- Location: Dar Sad District, Aden, Yemen
- Date: March 23, 2022
- Target: Brigadier General Thabet Gawas
- Victims: 4
- Perpetrator: Houthis

= Assassination of Thabet Gawas =

2022 murder in Aden, Yemen

On March 23, 2022, Houthis assassinated Yemeni army commander Thabet Gawas and three others in a car bombing in Aden, Yemen.

== Prelude ==
Since 2014, the Yemeni government led by Abdrabbuh Mansur Hadi has been fighting a civil war against the predominantly Shia Houthis, who control the capital of Sanaa. The Yemeni government has since been headquartered in the southern city of Aden, although most of the city is controlled by the Southern Transitional Council. Thabet Gawas was a Yemeni commander of the 15th Infantry Brigade based in Houthi-controlled Saada, and was known for his extremely staunch position against the Houthis, being referred to as "Terrorizer of the Houthis." Gawas also participated in the battle that killed Hussein al-Houthi, the founder of the Houthi movement. As a result, he was considered a priority target for Houthis. In 2020, Gawas took part in the Abyan campaign in late 2020 against the Houthis. Later, Gawas commanded the 131st Infantry Brigade and the Al-Anad axis militia.

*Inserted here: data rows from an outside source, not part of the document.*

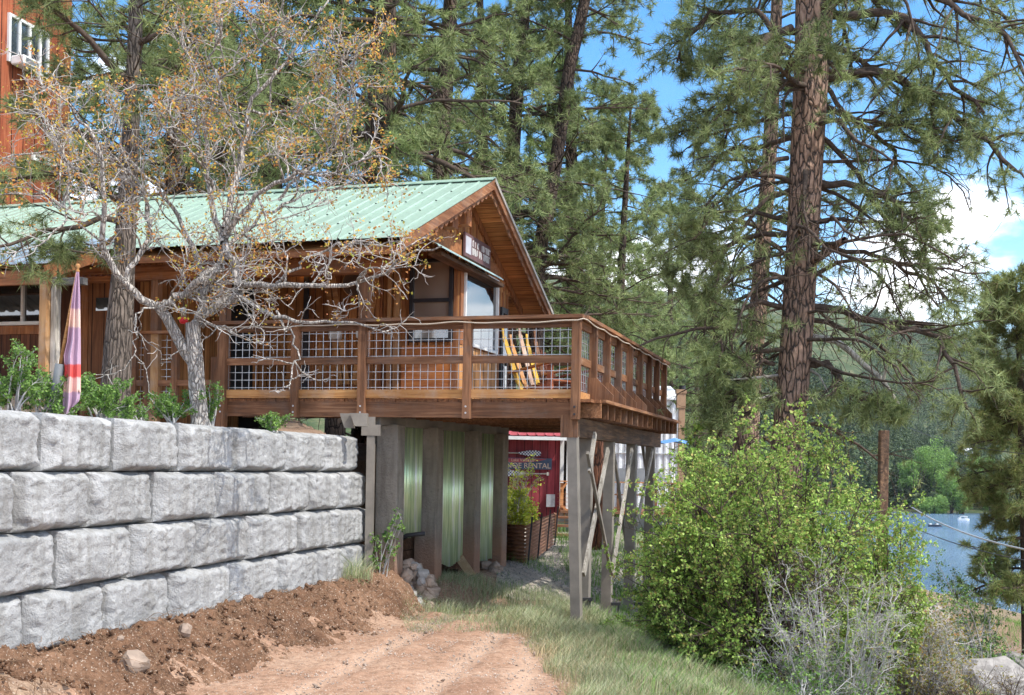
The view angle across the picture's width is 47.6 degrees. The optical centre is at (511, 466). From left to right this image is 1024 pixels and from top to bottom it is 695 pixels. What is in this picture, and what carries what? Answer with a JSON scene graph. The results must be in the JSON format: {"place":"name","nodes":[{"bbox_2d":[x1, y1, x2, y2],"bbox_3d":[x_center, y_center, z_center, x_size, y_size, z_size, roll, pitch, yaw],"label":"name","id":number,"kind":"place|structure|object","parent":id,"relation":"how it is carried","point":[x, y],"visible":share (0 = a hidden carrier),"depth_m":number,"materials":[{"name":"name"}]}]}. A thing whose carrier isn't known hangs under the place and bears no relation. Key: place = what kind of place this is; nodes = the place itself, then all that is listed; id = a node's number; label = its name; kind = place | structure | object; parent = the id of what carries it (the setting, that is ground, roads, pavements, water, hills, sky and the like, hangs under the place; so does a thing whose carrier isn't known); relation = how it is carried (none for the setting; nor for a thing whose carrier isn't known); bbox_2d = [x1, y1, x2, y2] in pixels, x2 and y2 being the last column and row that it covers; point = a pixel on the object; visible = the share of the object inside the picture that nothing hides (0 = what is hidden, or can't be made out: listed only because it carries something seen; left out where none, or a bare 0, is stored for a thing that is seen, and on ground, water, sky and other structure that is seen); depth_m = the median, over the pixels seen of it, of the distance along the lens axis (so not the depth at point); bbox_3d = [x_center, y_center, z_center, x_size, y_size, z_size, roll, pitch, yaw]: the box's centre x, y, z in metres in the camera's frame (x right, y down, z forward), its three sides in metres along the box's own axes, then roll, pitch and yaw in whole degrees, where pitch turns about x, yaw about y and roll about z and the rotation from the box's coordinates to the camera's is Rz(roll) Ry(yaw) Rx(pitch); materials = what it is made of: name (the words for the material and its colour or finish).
{"place":"outdoors","nodes":[
{"label":"outdoors","id":0,"kind":"place"},
{"bbox_2d":[0,563,450,694],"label":"dirt bank","id":1,"kind":"structure","parent":0,"point":[241,660],"depth_m":10.39,"materials":[{"name":"soil"}]},
{"bbox_2d":[4,658,35,681],"bbox_3d":[-3.488,1.468,8.201,0.261,0.226,0.223,1,0,0],"label":"rock","id":2,"kind":"object","parent":1,"relation":"on","point":[20,666],"visible":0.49,"depth_m":8.13,"materials":[{"name":"stone"}]},
{"bbox_2d":[119,649,149,673],"bbox_3d":[-2.999,1.557,9.202,0.212,0.212,0.231,1,0,25],"label":"rock","id":3,"kind":"object","parent":1,"relation":"on","point":[138,655],"visible":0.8,"depth_m":9.14,"materials":[{"name":"stone"}]},
{"bbox_2d":[0,575,438,694],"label":"roots","id":4,"kind":"object","parent":1,"relation":"on","point":[158,690],"visible":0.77,"depth_m":10.37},
{"bbox_2d":[0,575,458,694],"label":"earth clods","id":5,"kind":"object","parent":1,"relation":"on","point":[187,675],"visible":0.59,"depth_m":10.36,"materials":[{"name":"soil"}]},
{"bbox_2d":[338,550,394,585],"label":"bank grass","id":6,"kind":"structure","parent":1,"relation":"on","point":[355,572],"depth_m":14.32,"materials":[{"name":"plant"}]},
{"bbox_2d":[400,558,440,608],"bbox_3d":[-1.219,1.580,15.286,0.586,0.718,0.591,1,0,0],"label":"stone pile","id":7,"kind":"object","parent":1,"relation":"on","point":[418,574],"visible":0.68,"depth_m":15.25,"materials":[{"name":"stone"}]},
{"bbox_2d":[51,610,574,694],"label":"dirt road","id":8,"kind":"structure","parent":0,"point":[271,682],"depth_m":10.65,"materials":[{"name":"soil"}]},
{"bbox_2d":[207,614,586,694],"bbox_3d":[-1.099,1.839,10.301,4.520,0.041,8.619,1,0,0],"label":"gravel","id":9,"kind":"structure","parent":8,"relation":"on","point":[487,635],"depth_m":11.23,"materials":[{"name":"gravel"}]},
{"bbox_2d":[400,566,614,634],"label":"shaded grass","id":10,"kind":"structure","parent":0,"point":[516,593],"depth_m":15.30,"materials":[{"name":"plant"}]},
{"bbox_2d":[0,280,1021,694],"bbox_3d":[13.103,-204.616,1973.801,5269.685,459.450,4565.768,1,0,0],"label":"ground","id":11,"kind":"structure","parent":0,"point":[846,364],"depth_m":37.56,"materials":[{"name":"soil"}]},
{"bbox_2d":[0,338,49,410],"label":"wall top plant","id":12,"kind":"object","parent":11,"relation":"on","point":[29,389],"depth_m":9.55,"materials":[{"name":"green plant"}]},
{"bbox_2d":[0,0,71,204],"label":"red house","id":13,"kind":"structure","parent":11,"relation":"on","point":[11,30],"depth_m":24.53,"materials":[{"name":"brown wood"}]},
{"bbox_2d":[7,12,49,79],"bbox_3d":[-10.285,-8.926,24.732,0.058,1.005,1.248,1,0,17],"label":"window","id":14,"kind":"structure","parent":13,"relation":"in","point":[14,29],"depth_m":24.58,"materials":[{"name":"white paint"}]},
{"bbox_2d":[63,371,140,418],"bbox_3d":[-3.719,-0.626,10.595,0.704,0.488,0.690,1,0,0],"label":"wall top plant","id":15,"kind":"object","parent":11,"relation":"on","point":[102,405],"depth_m":10.53,"materials":[{"name":"green plant"}]},
{"bbox_2d":[69,11,197,200],"bbox_3d":[-13.259,-12.046,33.472,8.680,21.292,7.795,1,0,39],"label":"background pine","id":16,"kind":"object","parent":11,"relation":"on","point":[87,55],"visible":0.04,"depth_m":33.74,"materials":[{"name":"green plant"}]},
{"bbox_2d":[0,0,316,418],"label":"leaning pine","id":17,"kind":"object","parent":11,"relation":"on","point":[118,338],"visible":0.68,"depth_m":13.46,"materials":[{"name":"green plant"}]},
{"bbox_2d":[32,0,312,200],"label":"background pine","id":18,"kind":"object","parent":11,"relation":"on","point":[169,144],"visible":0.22,"depth_m":26.40,"materials":[{"name":"green plant"}]},
{"bbox_2d":[0,410,365,649],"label":"retaining wall","id":19,"kind":"structure","parent":11,"relation":"on","point":[105,523],"depth_m":10.39,"materials":[{"name":"concrete"}]},
{"bbox_2d":[13,367,81,414],"bbox_3d":[-4.013,-0.613,9.890,0.507,0.447,0.633,1,0,33],"label":"wall top plant","id":20,"kind":"object","parent":19,"relation":"on","point":[46,403],"depth_m":9.84,"materials":[{"name":"green plant"}]},
{"bbox_2d":[48,264,80,413],"bbox_3d":[-3.806,-1.054,9.884,0.290,1.347,0.096,1,0,5],"label":"furled flag","id":21,"kind":"object","parent":19,"relation":"on","point":[72,364],"visible":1,"depth_m":9.87,"materials":[{"name":"multicoloured fabric"}]},
{"bbox_2d":[116,398,153,420],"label":"wall top plant","id":22,"kind":"object","parent":19,"relation":"on","point":[142,414],"depth_m":11.01,"materials":[{"name":"green plant"}]},
{"bbox_2d":[143,383,205,422],"bbox_3d":[-3.390,-0.610,11.587,0.585,0.471,0.515,1,0,30],"label":"wall top plant","id":23,"kind":"object","parent":19,"relation":"on","point":[174,413],"depth_m":11.55,"materials":[{"name":"green plant"}]},
{"bbox_2d":[205,380,224,425],"bbox_3d":[-3.097,-0.633,11.898,0.342,0.521,0.301,1,0,0],"label":"wall top plant","id":24,"kind":"object","parent":19,"relation":"on","point":[213,406],"depth_m":11.88,"materials":[{"name":"green plant"}]},
{"bbox_2d":[254,411,293,432],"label":"wall top plant","id":25,"kind":"object","parent":19,"relation":"on","point":[273,422],"depth_m":12.82,"materials":[{"name":"green plant"}]},
{"bbox_2d":[178,623,191,636],"bbox_3d":[-2.872,1.437,10.196,0.116,0.128,0.148,1,0,-38],"label":"rock","id":26,"kind":"object","parent":11,"relation":"on","point":[184,630],"visible":0.99,"depth_m":10.14,"materials":[{"name":"stone"}]},
{"bbox_2d":[115,0,335,185],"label":"background pine","id":27,"kind":"object","parent":11,"relation":"on","point":[236,17],"visible":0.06,"depth_m":39.38,"materials":[{"name":"green plant"}]},
{"bbox_2d":[0,0,460,424],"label":"crooked oak","id":28,"kind":"object","parent":11,"relation":"on","point":[190,348],"visible":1,"depth_m":11.51,"materials":[{"name":"grey plant"}]},
{"bbox_2d":[88,0,409,190],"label":"background pine","id":29,"kind":"object","parent":11,"relation":"on","point":[276,101],"visible":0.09,"depth_m":30.60,"materials":[{"name":"green plant"}]},
{"bbox_2d":[0,177,553,429],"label":"wooden cabin","id":30,"kind":"object","parent":11,"relation":"on","point":[508,282],"visible":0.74,"depth_m":17.65,"materials":[{"name":"brown wood"}]},
{"bbox_2d":[131,330,216,425],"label":"porch gate","id":31,"kind":"structure","parent":30,"relation":"attached to","point":[155,381],"depth_m":15.89,"materials":[{"name":"brown wood"}]},
{"bbox_2d":[230,278,253,398],"bbox_3d":[-4.568,-2.081,18.791,0.898,2.310,0.042,1,0,17],"label":"screen door","id":32,"kind":"structure","parent":30,"relation":"in","point":[247,379],"depth_m":18.70,"materials":[{"name":"wood"}]},
{"bbox_2d":[252,277,303,398],"bbox_3d":[-3.726,-2.010,18.491,0.871,2.120,0.077,1,0,17],"label":"barn door","id":33,"kind":"structure","parent":30,"relation":"in","point":[297,305],"depth_m":18.48,"materials":[{"name":"brown wood"}]},
{"bbox_2d":[342,275,358,296],"bbox_3d":[-2.450,-2.858,18.131,0.434,0.434,0.042,1,0,17],"label":"round plaque","id":34,"kind":"object","parent":30,"relation":"attached to","point":[349,279],"visible":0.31,"depth_m":18.13,"materials":[{"name":"brown wood"}]},
{"bbox_2d":[463,231,490,268],"bbox_3d":[-0.544,-3.391,18.292,0.037,0.360,1.280,1,0,17],"label":"hanging sign","id":35,"kind":"object","parent":30,"relation":"attached to","point":[476,250],"visible":1,"depth_m":18.21,"materials":[{"name":"wood"}]},
{"bbox_2d":[216,0,473,435],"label":"background pine","id":36,"kind":"object","parent":11,"relation":"on","point":[333,426],"visible":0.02,"depth_m":33.72,"materials":[{"name":"green plant"}]},
{"bbox_2d":[361,417,380,567],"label":"steel column","id":37,"kind":"structure","parent":11,"relation":"on","point":[371,431],"depth_m":14.84,"materials":[{"name":"metal"}]},
{"bbox_2d":[340,413,368,427],"bbox_3d":[-1.961,-0.567,14.409,0.360,0.180,0.230,1,0,0],"label":"steel bracket","id":38,"kind":"object","parent":37,"relation":"attached to","point":[350,420],"visible":1,"depth_m":14.29,"materials":[{"name":"grey paint"}]},
{"bbox_2d":[208,0,561,442],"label":"background pine","id":39,"kind":"object","parent":11,"relation":"on","point":[386,106],"visible":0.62,"depth_m":21.67,"materials":[{"name":"green plant"}]},
{"bbox_2d":[368,507,405,576],"bbox_3d":[-1.586,1.018,14.763,0.489,1.013,0.355,1,0,0],"label":"wild sapling","id":40,"kind":"object","parent":11,"relation":"on","point":[389,547],"visible":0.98,"depth_m":14.79,"materials":[{"name":"green plant"}]},
{"bbox_2d":[374,424,404,575],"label":"concrete pillar","id":41,"kind":"structure","parent":11,"relation":"on","point":[390,462],"depth_m":15.15,"materials":[{"name":"concrete"}]},
{"bbox_2d":[376,417,508,433],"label":"steel beam","id":42,"kind":"structure","parent":41,"relation":"on","point":[427,424],"depth_m":16.44,"materials":[{"name":"brown paint"}]},
{"bbox_2d":[403,427,422,537],"bbox_3d":[-1.391,0.209,15.793,0.026,1.530,0.679,1,0,24],"label":"corrugated panel","id":43,"kind":"object","parent":42,"relation":"attached to","point":[413,478],"visible":0.55,"depth_m":15.88,"materials":[{"name":"metal"}]},
{"bbox_2d":[442,430,464,566],"bbox_3d":[-0.898,0.458,16.935,0.026,2.010,0.853,1,0,24],"label":"corrugated panel","id":44,"kind":"object","parent":42,"relation":"attached to","point":[453,501],"visible":0.8,"depth_m":17.01,"materials":[{"name":"metal"}]},
{"bbox_2d":[480,433,493,560],"bbox_3d":[-0.427,0.482,18.015,0.026,2.040,0.630,1,0,24],"label":"corrugated panel","id":45,"kind":"object","parent":42,"relation":"attached to","point":[487,475],"visible":0.55,"depth_m":18.07,"materials":[{"name":"metal"}]},
{"bbox_2d":[362,525,454,570],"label":"timber crib wall","id":46,"kind":"structure","parent":11,"relation":"on","point":[408,545],"depth_m":16.57,"materials":[{"name":"brown wood"}]},
{"bbox_2d":[414,427,443,581],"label":"concrete pillar","id":47,"kind":"structure","parent":11,"relation":"on","point":[428,550],"depth_m":16.16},
{"bbox_2d":[281,0,577,334],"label":"background pine","id":48,"kind":"object","parent":11,"relation":"on","point":[502,177],"visible":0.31,"depth_m":28.91,"materials":[{"name":"green plant"}]},
{"bbox_2d":[212,314,680,621],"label":"wooden deck","id":49,"kind":"structure","parent":11,"relation":"on","point":[608,413],"depth_m":15.02,"materials":[{"name":"brown wood"}]},
{"bbox_2d":[324,276,348,384],"bbox_3d":[-2.761,-2.172,18.100,0.462,1.796,0.169,1,0,17],"label":"old skis","id":50,"kind":"object","parent":49,"relation":"on","point":[331,315],"visible":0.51,"depth_m":18.15,"materials":[{"name":"brown wood"}]},
{"bbox_2d":[352,274,378,384],"bbox_3d":[-2.292,-2.178,17.959,0.442,1.825,0.169,1,0,17],"label":"old skis","id":51,"kind":"object","parent":49,"relation":"on","point":[354,376],"visible":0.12,"depth_m":17.98,"materials":[{"name":"brown wood"}]},
{"bbox_2d":[225,318,669,367],"bbox_3d":[0.543,-1.765,16.130,3.891,0.057,8.061,1,0,55],"label":"handrail","id":52,"kind":"object","parent":49,"relation":"attached to","point":[467,322],"visible":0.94,"depth_m":14.62,"materials":[{"name":"wood"}]},
{"bbox_2d":[501,328,570,398],"bbox_3d":[0.497,-1.460,16.564,1.139,1.273,0.760,1,0,43],"label":"deck chair","id":53,"kind":"object","parent":49,"relation":"on","point":[547,384],"visible":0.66,"depth_m":16.66,"materials":[{"name":"yellow wood"}]},
{"bbox_2d":[533,349,601,398],"bbox_3d":[0.945,-1.334,18.175,1.139,1.038,0.760,1,0,29],"label":"deck chair","id":54,"kind":"object","parent":49,"relation":"on","point":[565,375],"visible":0.13,"depth_m":17.97,"materials":[{"name":"red wood"}]},
{"bbox_2d":[457,555,475,576],"bbox_3d":[-0.718,1.437,17.180,0.123,0.404,0.623,1,0,-29],"label":"leaning plank","id":55,"kind":"object","parent":11,"relation":"on","point":[464,564],"visible":0.5,"depth_m":17.10,"materials":[{"name":"brown wood"}]},
{"bbox_2d":[455,431,481,572],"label":"concrete pillar","id":56,"kind":"structure","parent":11,"relation":"on","point":[472,494],"depth_m":17.33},
{"bbox_2d":[480,561,503,572],"bbox_3d":[-0.311,1.694,17.783,0.439,0.497,0.511,1,0,0],"label":"stone pile","id":57,"kind":"object","parent":11,"relation":"on","point":[493,567],"visible":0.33,"depth_m":17.82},
{"bbox_2d":[398,0,598,387],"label":"background pine","id":58,"kind":"object","parent":11,"relation":"on","point":[463,12],"visible":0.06,"depth_m":37.06,"materials":[{"name":"green plant"}]},
{"bbox_2d":[488,433,508,566],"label":"concrete pillar","id":59,"kind":"structure","parent":11,"relation":"on","point":[499,529],"depth_m":18.31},
{"bbox_2d":[415,0,612,398],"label":"background pine","id":60,"kind":"object","parent":11,"relation":"on","point":[554,42],"visible":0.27,"depth_m":33.58,"materials":[{"name":"green plant"}]},
{"bbox_2d":[468,0,685,520],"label":"background pine","id":61,"kind":"object","parent":11,"relation":"on","point":[561,126],"visible":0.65,"depth_m":32.80,"materials":[{"name":"green plant"}]},
{"bbox_2d":[512,0,654,513],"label":"background pine","id":62,"kind":"object","parent":11,"relation":"on","point":[573,156],"visible":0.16,"depth_m":39.69,"materials":[{"name":"green plant"}]},
{"bbox_2d":[519,118,664,383],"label":"background pine","id":63,"kind":"object","parent":11,"relation":"on","point":[643,175],"visible":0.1,"depth_m":43.42,"materials":[{"name":"green plant"}]},
{"bbox_2d":[592,441,603,549],"bbox_3d":[1.783,0.505,24.500,0.328,2.924,0.318,1,0,0],"label":"log post","id":64,"kind":"object","parent":11,"relation":"on","point":[597,467],"visible":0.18,"depth_m":24.36,"materials":[{"name":"wood"}]},
{"bbox_2d":[557,481,683,531],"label":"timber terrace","id":65,"kind":"structure","parent":11,"relation":"on","point":[562,509],"depth_m":28.75,"materials":[{"name":"brown wood"}]},
{"bbox_2d":[615,468,666,481],"bbox_3d":[3.415,0.232,32.100,1.600,0.380,1.200,1,0,0],"label":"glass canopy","id":66,"kind":"object","parent":65,"relation":"on","point":[640,474],"visible":0.29,"depth_m":31.50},
{"bbox_2d":[544,77,701,516],"bbox_3d":[3.463,-5.239,36.604,5.683,14.420,5.988,1,0,0],"label":"background pine","id":67,"kind":"object","parent":11,"relation":"on","point":[640,161],"visible":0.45,"depth_m":36.57,"materials":[{"name":"green plant"}]},
{"bbox_2d":[586,386,677,507],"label":"metal building","id":68,"kind":"structure","parent":11,"relation":"on","point":[662,458],"depth_m":36.00,"materials":[{"name":"metal"}]},
{"bbox_2d":[613,164,738,449],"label":"background pine","id":69,"kind":"object","parent":11,"relation":"on","point":[677,208],"visible":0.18,"depth_m":46.80,"materials":[{"name":"green plant"}]},
{"bbox_2d":[675,385,686,497],"bbox_3d":[5.054,-0.490,35.000,0.310,3.889,0.280,1,0,0],"label":"chimney post","id":70,"kind":"object","parent":11,"relation":"on","point":[680,399],"visible":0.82,"depth_m":34.91,"materials":[{"name":"wood"}]},
{"bbox_2d":[608,512,764,656],"bbox_3d":[1.981,1.528,13.431,1.842,2.041,1.679,1,0,0],"label":"leafy shrub","id":71,"kind":"object","parent":11,"relation":"on","point":[644,591],"visible":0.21,"depth_m":13.11,"materials":[{"name":"green plant"}]},
{"bbox_2d":[646,415,726,561],"bbox_3d":[2.684,0.976,17.234,1.323,3.557,1.468,1,0,0],"label":"leafy shrub","id":72,"kind":"object","parent":11,"relation":"on","point":[696,429],"visible":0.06,"depth_m":17.21,"materials":[{"name":"green plant"}]},
{"bbox_2d":[656,281,738,501],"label":"background pine","id":73,"kind":"object","parent":11,"relation":"on","point":[688,380],"visible":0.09,"depth_m":57.94,"materials":[{"name":"green plant"}]},
{"bbox_2d":[638,0,882,597],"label":"ponderosa pine","id":74,"kind":"object","parent":11,"relation":"on","point":[767,206],"visible":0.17,"depth_m":21.85,"materials":[{"name":"green plant"}]},
{"bbox_2d":[599,392,929,691],"bbox_3d":[2.539,1.253,12.561,3.026,4.024,3.177,1,0,38],"label":"leafy shrub","id":75,"kind":"object","parent":11,"relation":"on","point":[769,539],"visible":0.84,"depth_m":12.12,"materials":[{"name":"green plant"}]},
{"bbox_2d":[583,309,1002,509],"bbox_3d":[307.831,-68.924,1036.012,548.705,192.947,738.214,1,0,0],"label":"hillside forest","id":76,"kind":"object","parent":11,"relation":"on","point":[902,438],"visible":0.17,"depth_m":820.28,"materials":[{"name":"plant"}]},
{"bbox_2d":[728,645,894,694],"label":"leafy shrub","id":77,"kind":"object","parent":11,"relation":"on","point":[811,677],"visible":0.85,"depth_m":11.19,"materials":[{"name":"green plant"}]},
{"bbox_2d":[622,0,1023,647],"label":"ponderosa pine","id":78,"kind":"object","parent":11,"relation":"on","point":[808,70],"visible":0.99,"depth_m":16.96,"materials":[{"name":"green plant"}]},
{"bbox_2d":[734,539,922,694],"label":"bare shrub","id":79,"kind":"object","parent":11,"relation":"on","point":[822,648],"visible":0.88,"depth_m":11.35,"materials":[{"name":"grey plant"}]},
{"bbox_2d":[773,463,939,694],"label":"leafy shrub","id":80,"kind":"object","parent":11,"relation":"on","point":[912,561],"visible":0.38,"depth_m":12.84,"materials":[{"name":"green plant"}]},
{"bbox_2d":[876,430,888,603],"bbox_3d":[5.084,1.483,16.000,0.120,3.958,0.120,1,0,0],"label":"timber post","id":81,"kind":"object","parent":11,"relation":"on","point":[883,460],"visible":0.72,"depth_m":15.94,"materials":[{"name":"brown wood"}]},
{"bbox_2d":[764,460,1018,509],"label":"lakeside forest","id":82,"kind":"object","parent":11,"relation":"on","point":[901,489],"visible":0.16,"depth_m":677.21,"materials":[{"name":"plant"}]},
{"bbox_2d":[809,560,995,694],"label":"bare shrub","id":83,"kind":"object","parent":11,"relation":"on","point":[941,665],"visible":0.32,"depth_m":13.07,"materials":[{"name":"grey plant"}]},
{"bbox_2d":[890,459,925,506],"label":"cottonwood tree","id":84,"kind":"object","parent":11,"relation":"on","point":[905,480],"visible":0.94,"depth_m":677.76,"materials":[{"name":"green plant"}]},
{"bbox_2d":[894,435,954,493],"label":"cottonwood tree","id":85,"kind":"object","parent":11,"relation":"on","point":[924,464],"visible":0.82,"depth_m":684.88,"materials":[{"name":"green plant"}]},
{"bbox_2d":[914,494,950,513],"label":"cottonwood tree","id":86,"kind":"object","parent":11,"relation":"on","point":[937,505],"visible":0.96,"depth_m":648.47,"materials":[{"name":"green plant"}]},
{"bbox_2d":[861,303,1023,450],"bbox_3d":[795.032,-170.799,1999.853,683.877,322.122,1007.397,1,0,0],"label":"hillside forest","id":87,"kind":"object","parent":11,"relation":"on","point":[964,381],"visible":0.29,"depth_m":1768.51,"materials":[{"name":"plant"}]},
{"bbox_2d":[934,467,960,512],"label":"cottonwood tree","id":88,"kind":"object","parent":11,"relation":"on","point":[941,477],"visible":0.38,"depth_m":660.43,"materials":[{"name":"green plant"}]},
{"bbox_2d":[943,478,973,513],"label":"cottonwood tree","id":89,"kind":"object","parent":11,"relation":"on","point":[952,495],"visible":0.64,"depth_m":649.10,"materials":[{"name":"green plant"}]},
{"bbox_2d":[899,662,1023,694],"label":"bare shrub","id":90,"kind":"object","parent":11,"relation":"on","point":[1006,687],"visible":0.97,"depth_m":12.68,"materials":[{"name":"grey plant"}]},
{"bbox_2d":[919,549,1023,664],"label":"leafy shrub","id":91,"kind":"object","parent":11,"relation":"on","point":[988,645],"visible":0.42,"depth_m":24.57,"materials":[{"name":"green plant"}]},
{"bbox_2d":[944,260,1023,653],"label":"ponderosa pine","id":92,"kind":"object","parent":11,"relation":"on","point":[1008,415],"visible":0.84,"depth_m":24.88,"materials":[{"name":"green plant"}]},
{"bbox_2d":[962,656,1023,694],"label":"rock","id":93,"kind":"object","parent":11,"relation":"on","point":[1000,661],"visible":0.62,"depth_m":22.34,"materials":[{"name":"grey stone"}]},
{"bbox_2d":[69,0,1023,347],"label":"sky","id":94,"kind":"structure","parent":0,"point":[1007,242],"materials":[{"name":"blue"}]},
{"bbox_2d":[496,523,693,640],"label":"gravel yard","id":95,"kind":"structure","parent":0,"point":[550,584],"depth_m":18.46,"materials":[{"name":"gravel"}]},
{"bbox_2d":[506,506,558,564],"bbox_3d":[0.424,1.249,22.135,0.524,0.823,5.800,1,0,7],"label":"rusty planter","id":96,"kind":"object","parent":95,"relation":"on","point":[539,537],"visible":0.77,"depth_m":20.10,"materials":[{"name":"metal"}]},
{"bbox_2d":[507,454,544,525],"bbox_3d":[0.075,0.532,22.570,1.106,1.757,1.314,1,0,0],"label":"yellow green shrub","id":97,"kind":"object","parent":96,"relation":"in","point":[518,513],"visible":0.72,"depth_m":22.34,"materials":[{"name":"green plant"}]},
{"bbox_2d":[508,431,567,516],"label":"rental shed","id":98,"kind":"structure","parent":95,"relation":"on","point":[547,445],"depth_m":30.00,"materials":[{"name":"wood"}]},
{"bbox_2d":[508,458,551,469],"bbox_3d":[0.294,-0.073,29.948,1.464,0.292,0.044,1,0,0],"label":"rental sign","id":99,"kind":"object","parent":98,"relation":"attached to","point":[543,464],"visible":0.78,"depth_m":29.94,"materials":[{"name":"blue metal"}]},
{"bbox_2d":[496,546,600,593],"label":"yard grass","id":100,"kind":"structure","parent":95,"relation":"on","point":[552,572],"depth_m":19.34,"materials":[{"name":"green plant"}]},
{"bbox_2d":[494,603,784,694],"bbox_3d":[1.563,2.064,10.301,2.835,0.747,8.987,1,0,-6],"label":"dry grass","id":101,"kind":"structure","parent":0,"point":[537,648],"depth_m":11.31,"materials":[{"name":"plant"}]},
{"bbox_2d":[496,598,811,694],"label":"grass","id":102,"kind":"structure","parent":0,"point":[611,678],"depth_m":11.17,"materials":[{"name":"plant"}]},
{"bbox_2d":[553,514,1020,694],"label":"slope grass","id":103,"kind":"structure","parent":0,"point":[1017,623],"depth_m":14.60,"materials":[{"name":"green plant"}]},
{"bbox_2d":[758,510,1020,612],"bbox_3d":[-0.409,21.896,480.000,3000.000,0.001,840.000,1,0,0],"label":"lake","id":104,"kind":"structure","parent":0,"point":[952,556],"depth_m":357.60,"materials":[{"name":"liquid"}]},
{"bbox_2d":[911,507,1023,549],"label":"overhead wire","id":105,"kind":"object","parent":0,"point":[971,534],"visible":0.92,"depth_m":19.18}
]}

Prior to the assassination of Gawas, several other Yemeni commanders were assassinated in Yemen. Gawas had also survived several assassination attempts in previous years.

== Attack ==
At the time of the attack, Gawas was traveling with three others, including his son and nephew, near a security checkpoint in Green City, a suburb of Dar Sad District, north of Aden. Yemeni media reported that Gawas was returning from a funeral of one of his friends. The bombing was carried out by an explosive-laden Hyundai Tucson, which was parked at the security checkpoint and detonated as Gawas's convoy passed by. The bombing was first announced in a Telegram post by President Hadi, mourning Gawas. No one initially claimed responsibility for the attack.

== Aftermath ==
Abdul Wahab al-Ansi, the secretary-general of the Yemeni Islah Party, sent his condolences to Gawas' son, Ahmed Thabet Gawas. Several other Yemeni generals expressed their condolences. The Yemeni Minister of Information, Muammar al-Eryani, stated that while the attacks "bore the hallmark of Al-Qaeda and ISIS", the attack could have also been perpetrated by the Houthis. Houthi commander Abdul Qadir al-Murtada celebrated the killing of Gawas. Later, Houthis admitted that pro-Houthi cells in southern Yemen carried out the attack.

Gawas was buried in Radfan, Lahij Governorate, on March 25, 2022.